There is a ton of theory regarding ML. We will restrict ourselves to the mechanics here.
Say we have some data $y = y_1,y_2,\ldots,y_n$ that is distributed according to some distribution:
Here, for example, is a Poisson distribution that describes the distribution of some discrete variables, typically counts:
y = np.random.poisson(5, size=100)
plt.hist(y, bins=np.sqrt(len(y)), normed=True)
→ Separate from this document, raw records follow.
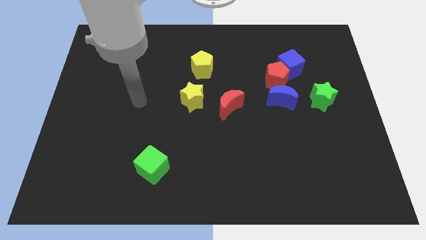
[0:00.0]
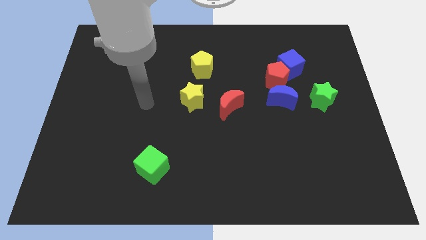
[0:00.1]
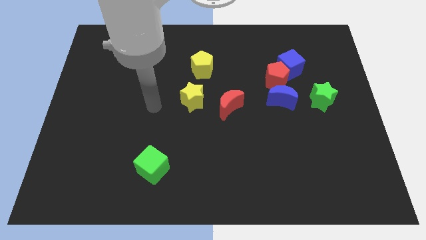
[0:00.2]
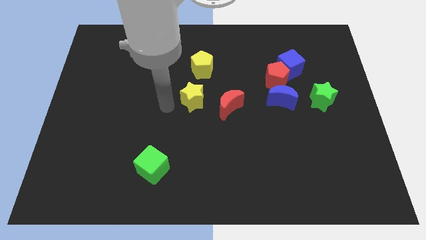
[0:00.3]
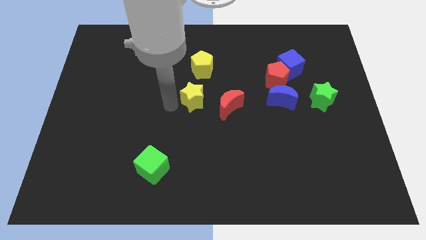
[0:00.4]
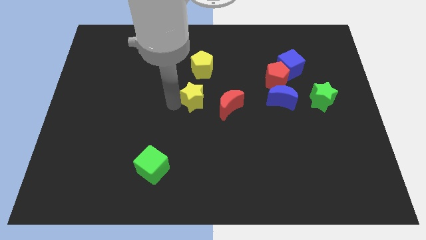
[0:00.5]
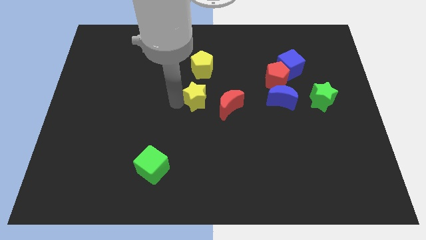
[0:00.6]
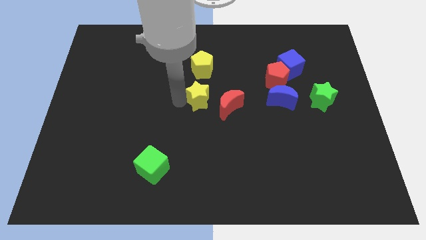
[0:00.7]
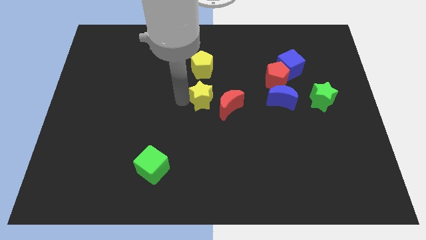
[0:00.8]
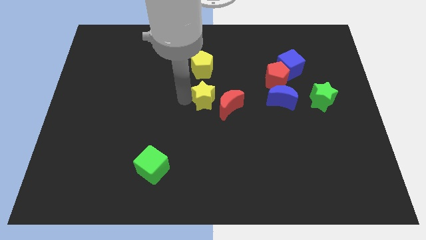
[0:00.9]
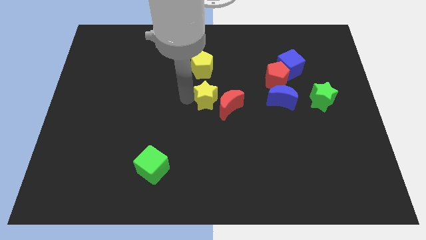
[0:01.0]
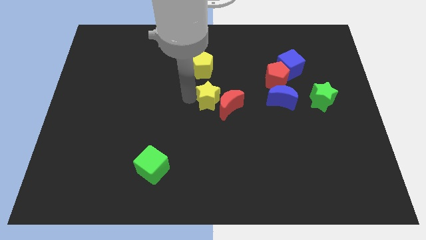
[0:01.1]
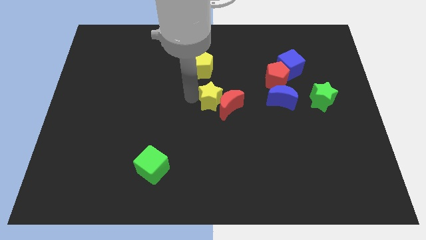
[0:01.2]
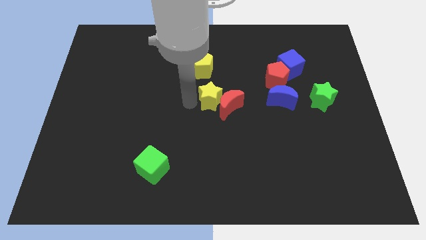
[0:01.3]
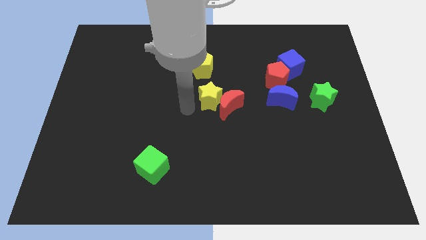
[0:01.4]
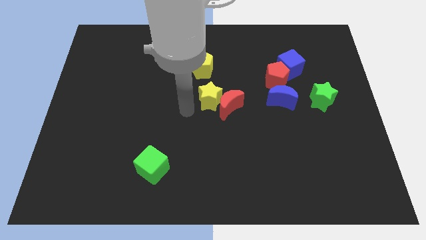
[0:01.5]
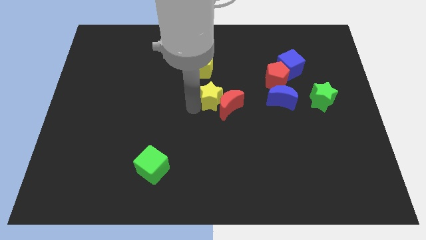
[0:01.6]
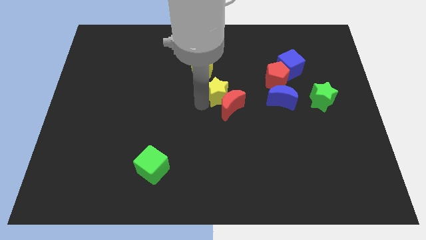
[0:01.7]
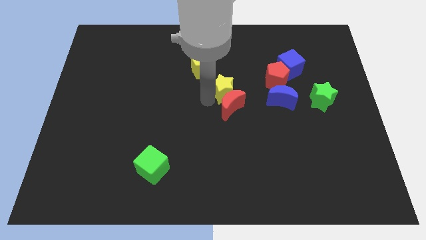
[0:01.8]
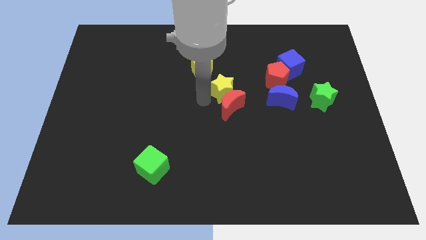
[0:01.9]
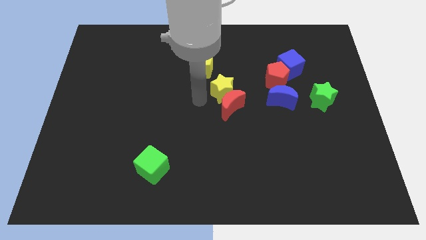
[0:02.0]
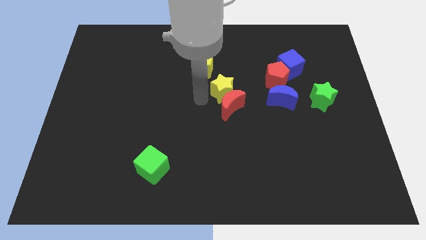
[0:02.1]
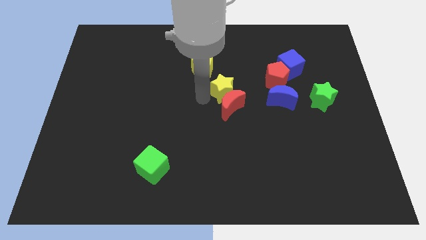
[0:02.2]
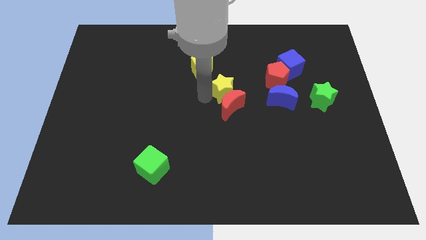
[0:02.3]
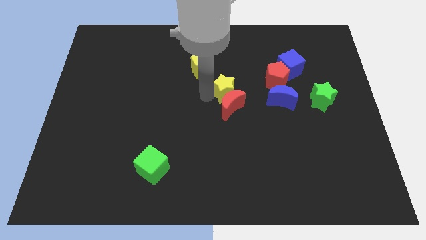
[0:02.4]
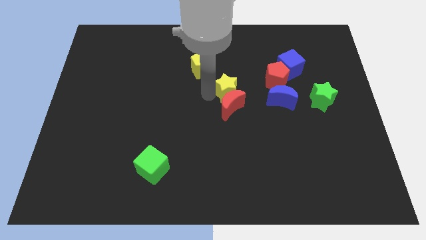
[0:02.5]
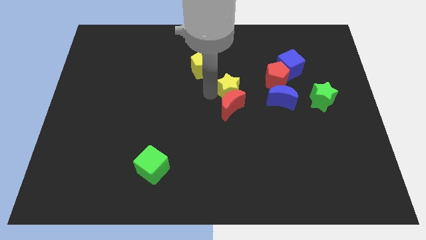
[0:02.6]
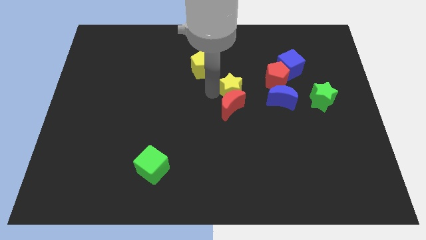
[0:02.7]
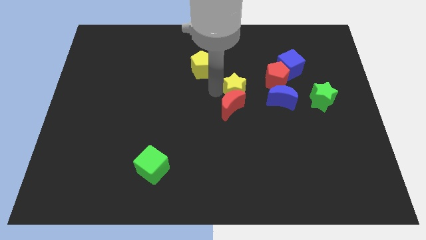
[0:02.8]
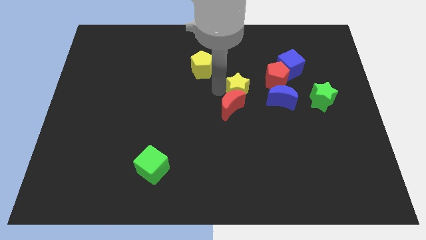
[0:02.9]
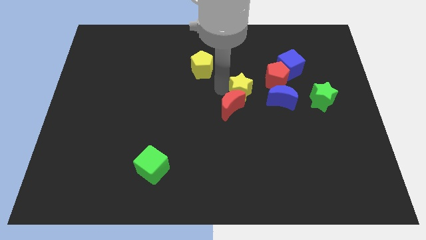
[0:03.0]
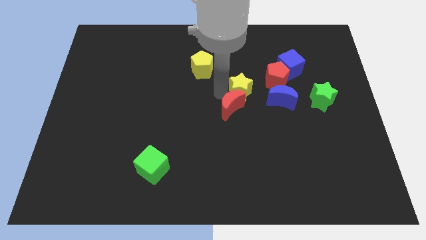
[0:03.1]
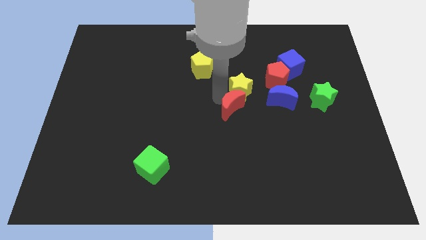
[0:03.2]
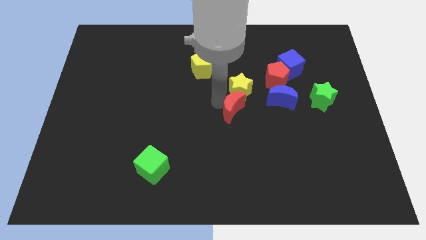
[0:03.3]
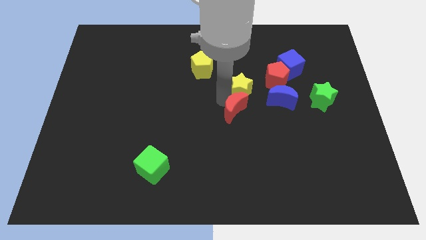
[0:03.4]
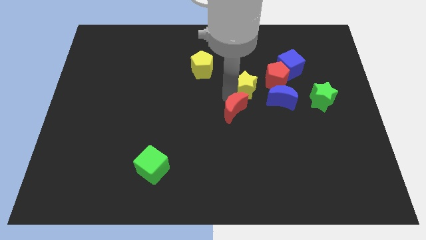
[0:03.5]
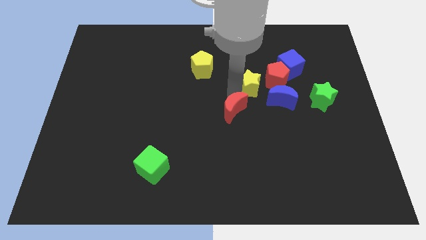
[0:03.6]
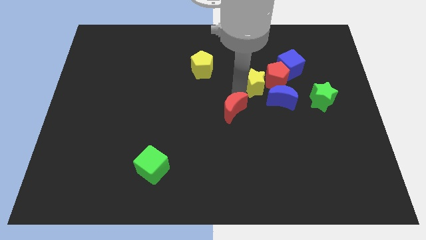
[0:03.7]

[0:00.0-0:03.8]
slide the yellow star close to the red pentagon

plt.xlabel('y'); plt.ylabel('Pr(y)')
<matplotlib.text.Text at 0x1080809d0>
The product $\prod_{i=1}^n Pr(y_i | \theta)$ gives us a measure of how likely it is to observe the set of values $y_1,\ldots,y_n$ given the parameters $\theta$. Maximum likelihood fitting consists of choosing the appropriate function $l= Pr(Y|\theta)$ to maximize for a given set of observations. We call this function the likelihood function, because it is a measure of how likely the observations are if the model is true.
Given these data, how likely is this model?
In the above model, the data were drawn from a Poisson distribution with parameter $\lambda =5$.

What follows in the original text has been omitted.